The Brain and Methods of ML
摘要
This chapter provides a concise survey of key Artificial Intelligence (AI) methodologies, from early rule-based systems to modern machine learning and deep learning techniques. It also compares these methods in terms of their strengths, limitations, and alignment with biological principles, particularly those discussed in earlier chapters on the brain and neocortex. The chapter begins by outlining AI’s interdisciplinary foundations and how intelligent agents interact with different environments. It covers symbolic AI approaches using logic-based reasoning, followed by search algorithms used in structured problem solving. It then introduces core machine learning categories such as supervised, unsupervised, and reinforcement learning, along with widely used algorithms like decision trees, ensemble models and support vector machines. Deep learning models, including feedforward and convolutional networks, are explored for their capabilities and constraints. Sequential learning methods are addressed next, with a focus on RNNs, LSTMs, GRUs, and Seq2Seq models for tasks involving temporal dependencies.
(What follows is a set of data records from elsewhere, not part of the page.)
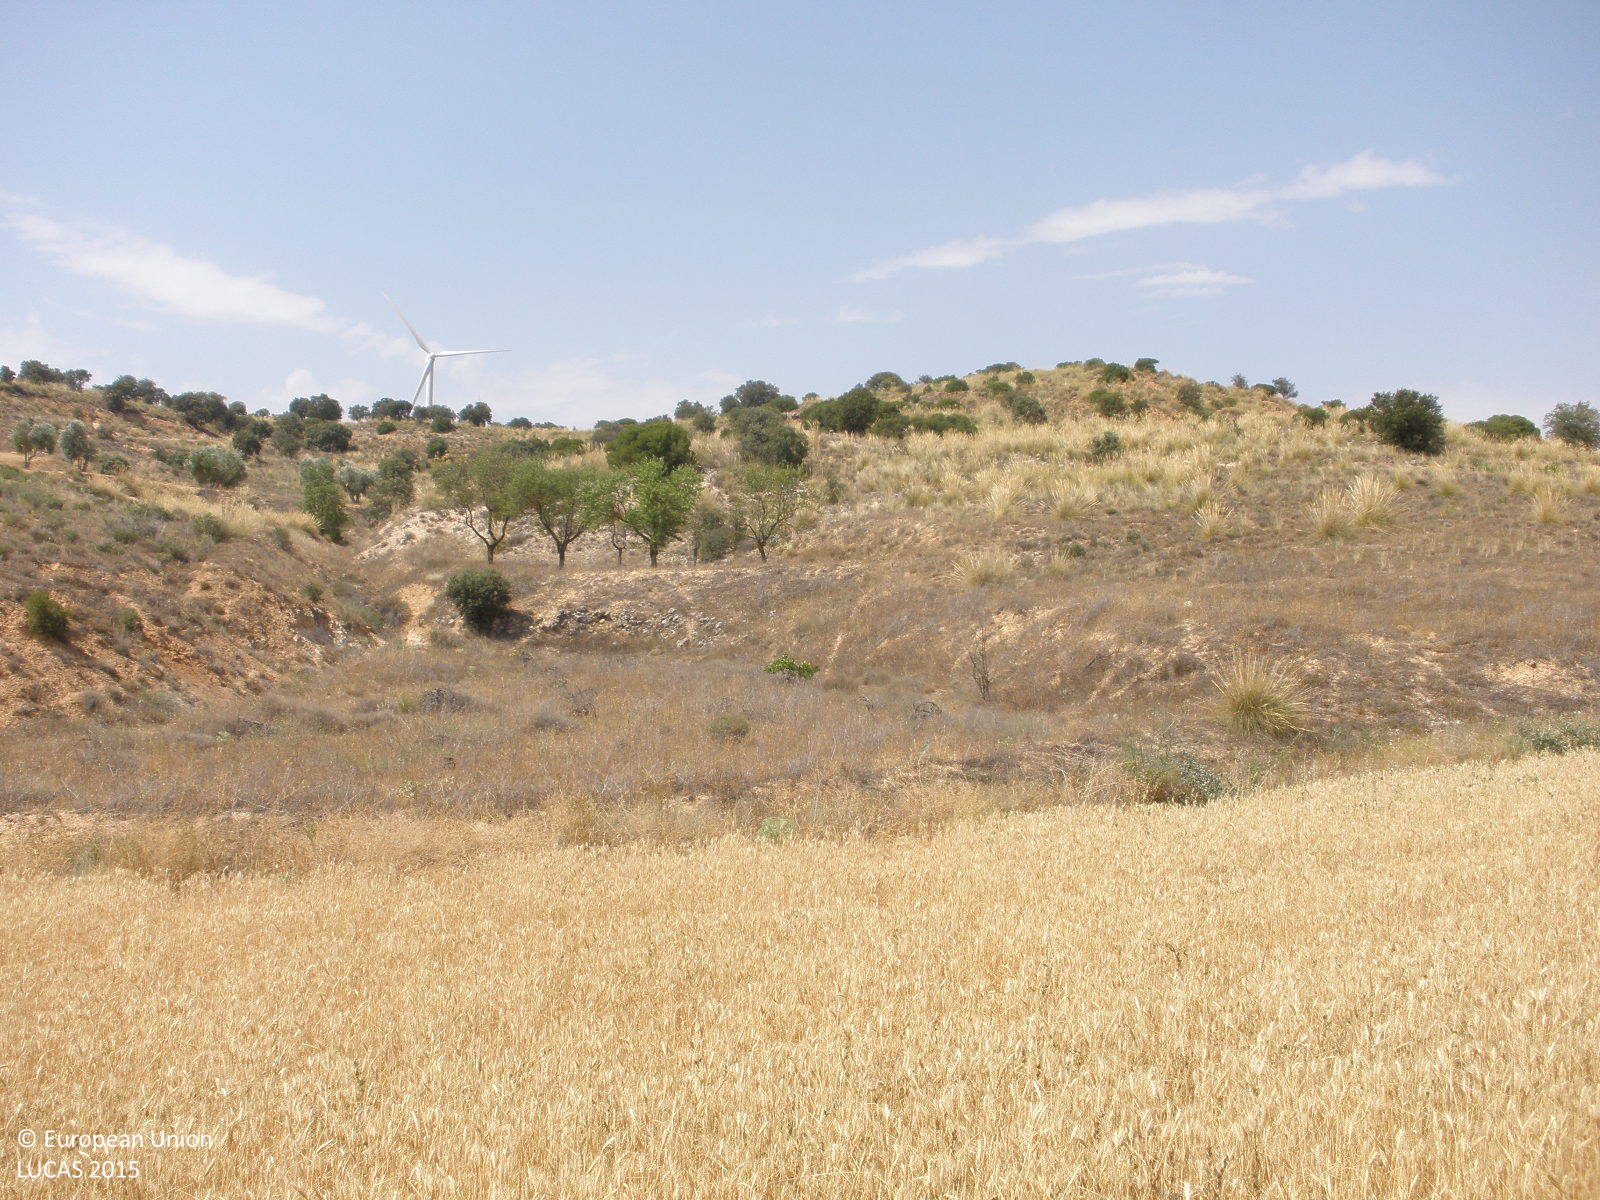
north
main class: Cropland
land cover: Common wheat
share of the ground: > 75 %
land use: Agriculture (excluding fallow land and kitchen gardens)
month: July
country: ES
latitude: 39.9922
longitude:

This leads to an in-depth look at the Transformer architecture and the emergence of Large Language Models (LLMs), highlighting how these advanced models have revolutionized sequence modeling and language understanding through mechanisms like self-attention and multi-head attention, while also providing details about their architecture and the development of LLMs. Reinforcement learning is also revisited as a trial-and-error approach for dynamic and uncertain environments. The chapter concludes with a critical view of current AI methods, highlighting challenges such as sensitivity to noise, limited contextual understanding, and weak task generalization. By integrating insights from neuroscience and computation, the chapter lays the groundwork for developing more biologically inspired AI systems.